A new insights report sees healthcare professionals and patient group representatives reflect on existing gaps in nationwide EGFR testing, which should be conducted for eligible patients upon diagnosis according to guidelines.
Dr Matthew Peters, Professor of Respiratory Medicine, Macquarie University Australia and Chair, Global Lung Cancer Coalition commented, “Whilst country-level insights within this report do vary, common barriers to achieving EGFR testing and personalised treatment for all eligible patients are clear. Education is key: for patients, healthcare professionals and the wider community. More is needed to bring us closer to helping each and every NSCLC patient receive the right treatment for them.”
Country-level themes identified by experts from Western Europe and North America include:
- Germany: insufficient reimbursement for mutation tests impacts EGFR testing rates for inpatients (majority of patients are diagnosed in an inpatient setting)
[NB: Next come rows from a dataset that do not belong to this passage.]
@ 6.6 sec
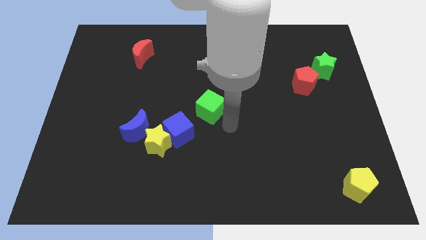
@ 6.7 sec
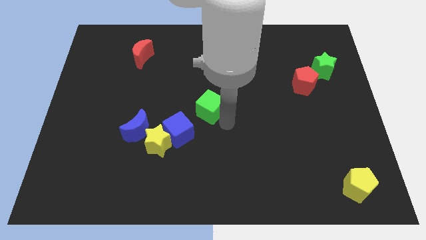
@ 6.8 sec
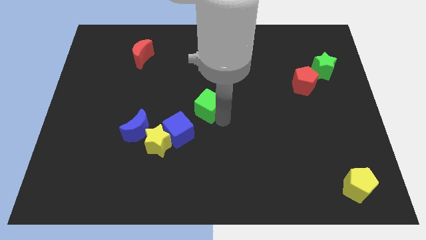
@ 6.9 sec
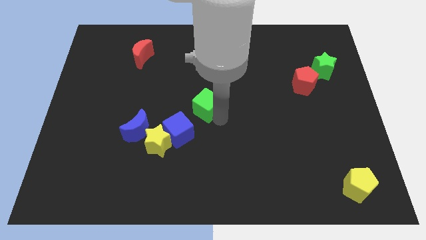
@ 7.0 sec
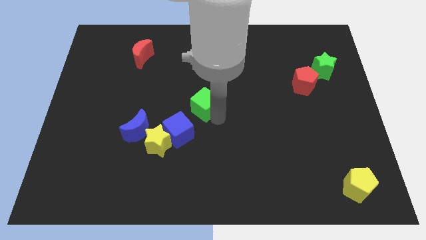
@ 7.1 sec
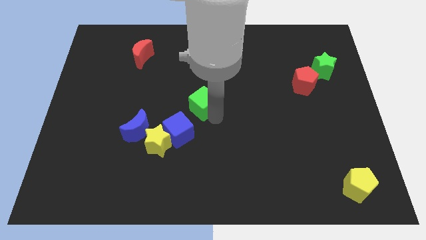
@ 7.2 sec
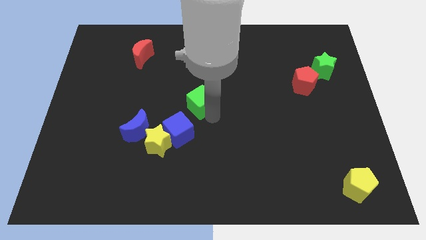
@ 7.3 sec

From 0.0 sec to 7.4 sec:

- Italy: high number of patients are tested for EGFR mutations, but some patients and caregivers ask to start first-line treatment before receiving test results
- Spain: many cancer centres are currently achieving high EGFR testing rates, but disparity exists as some centres are increasingly impacted by the growing economic crisis
- UK: despite high levels of EGFR testing, some patients start treatment before results of this testing are available, so treatment is not personalised for their mutation
- Canada: a healthcare system which is publically funded through each province and territory brings forth challenges in ensuring all eligible patients across the country are EGFR tested at diagnosis
- USA: a substantial percentage of treatment decisions are not based on EGFR mutation subtype resulting in patients not receiving the most appropriate personalised treatment plans
Experts unite with a shared vision where all eligible NSCLC patients have the most appropriate diagnostic tests and access to personalised treatment. Common barriers holding back the realisation of this vision include difficulties in obtaining adequate tumour tissue samples to test, and delays in receiving test results. This is important as data have shown that EGFR targeted treatments significantly delay disease progression when compared to chemotherapy. For a specific targeted therapy, extended overall survival of patients with the most common type of mutation (del19) when compared to chemotherapy has also been observed.
Dr Mehdi Shahidi, Medical Head, Solid Tumour Oncology, Boehringer Ingelheim added, “EGFR testing rates have improved dramatically over recent years, but there is still work to be done. Targeted therapies can benefit patients with EGFR mutation-positive lung cancer by delaying disease progression and for some, offering survival advantages compared to chemotherapy. This is why EGFR mutation testing and acting on the results of these tests is so important. Healthcare teams need to optimise the tools, resources and tests available to improve access to personalised treatment, for the ultimate benefit of patients.”